Provided data:
-- Opening Marker --
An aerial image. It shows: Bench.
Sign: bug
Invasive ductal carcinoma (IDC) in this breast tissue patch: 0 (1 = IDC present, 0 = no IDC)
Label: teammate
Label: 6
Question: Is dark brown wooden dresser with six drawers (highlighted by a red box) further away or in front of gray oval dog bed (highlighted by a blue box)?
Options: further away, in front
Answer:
-- Closing Marker --
-- Opening Marker --
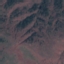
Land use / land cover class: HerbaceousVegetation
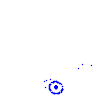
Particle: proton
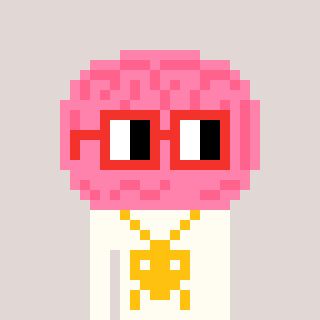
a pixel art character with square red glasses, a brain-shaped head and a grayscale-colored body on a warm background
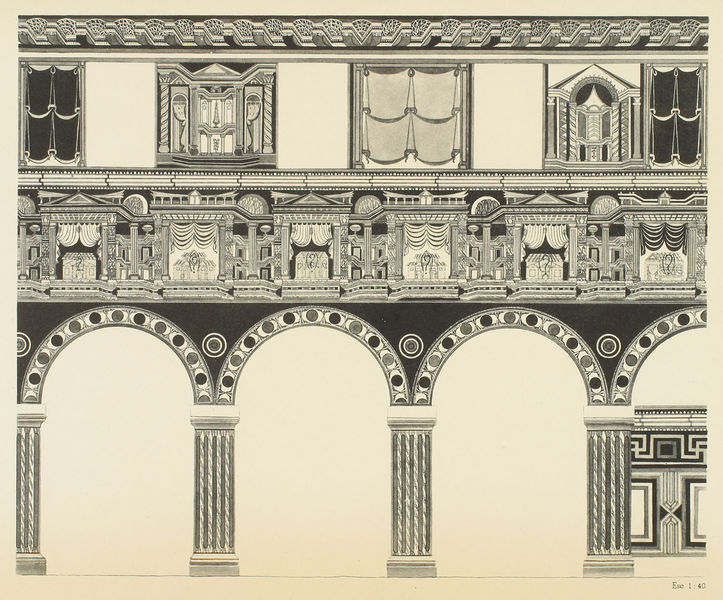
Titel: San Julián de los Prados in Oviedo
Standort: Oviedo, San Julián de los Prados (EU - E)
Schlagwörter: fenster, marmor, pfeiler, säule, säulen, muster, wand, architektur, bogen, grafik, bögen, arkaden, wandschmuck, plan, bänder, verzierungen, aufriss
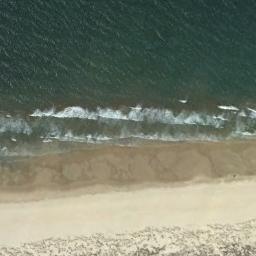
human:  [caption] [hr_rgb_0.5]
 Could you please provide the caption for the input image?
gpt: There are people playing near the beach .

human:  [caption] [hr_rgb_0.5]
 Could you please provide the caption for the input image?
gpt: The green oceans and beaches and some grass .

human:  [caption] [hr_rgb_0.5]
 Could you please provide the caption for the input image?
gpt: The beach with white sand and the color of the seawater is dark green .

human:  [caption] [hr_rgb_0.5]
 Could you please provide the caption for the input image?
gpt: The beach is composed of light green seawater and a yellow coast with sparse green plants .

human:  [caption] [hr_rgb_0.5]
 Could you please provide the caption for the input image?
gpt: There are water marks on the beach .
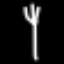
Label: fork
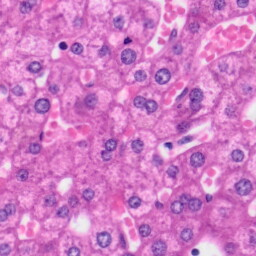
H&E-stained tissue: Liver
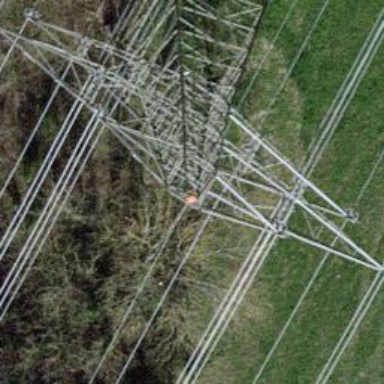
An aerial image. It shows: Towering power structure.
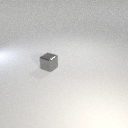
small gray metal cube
-- Closing Marker --
-- Opening Marker --
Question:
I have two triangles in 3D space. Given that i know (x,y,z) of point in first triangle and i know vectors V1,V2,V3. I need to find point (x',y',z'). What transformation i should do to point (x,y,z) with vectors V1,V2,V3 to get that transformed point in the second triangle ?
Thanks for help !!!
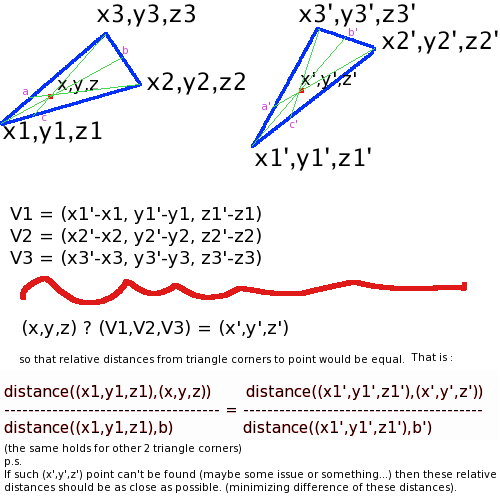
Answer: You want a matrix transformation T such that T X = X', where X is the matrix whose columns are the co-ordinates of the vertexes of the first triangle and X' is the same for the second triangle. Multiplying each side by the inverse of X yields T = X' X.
-- Closing Marker --
Work to be completed: Out of the data above, return each line where the word "dark" can be found.

The answer:
Question: Is dark brown wooden dresser with six drawers (highlighted by a red box) further away or in front of gray oval dog bed (highlighted by a blue box)?
gpt: The beach with white sand and the color of the seawater is dark green .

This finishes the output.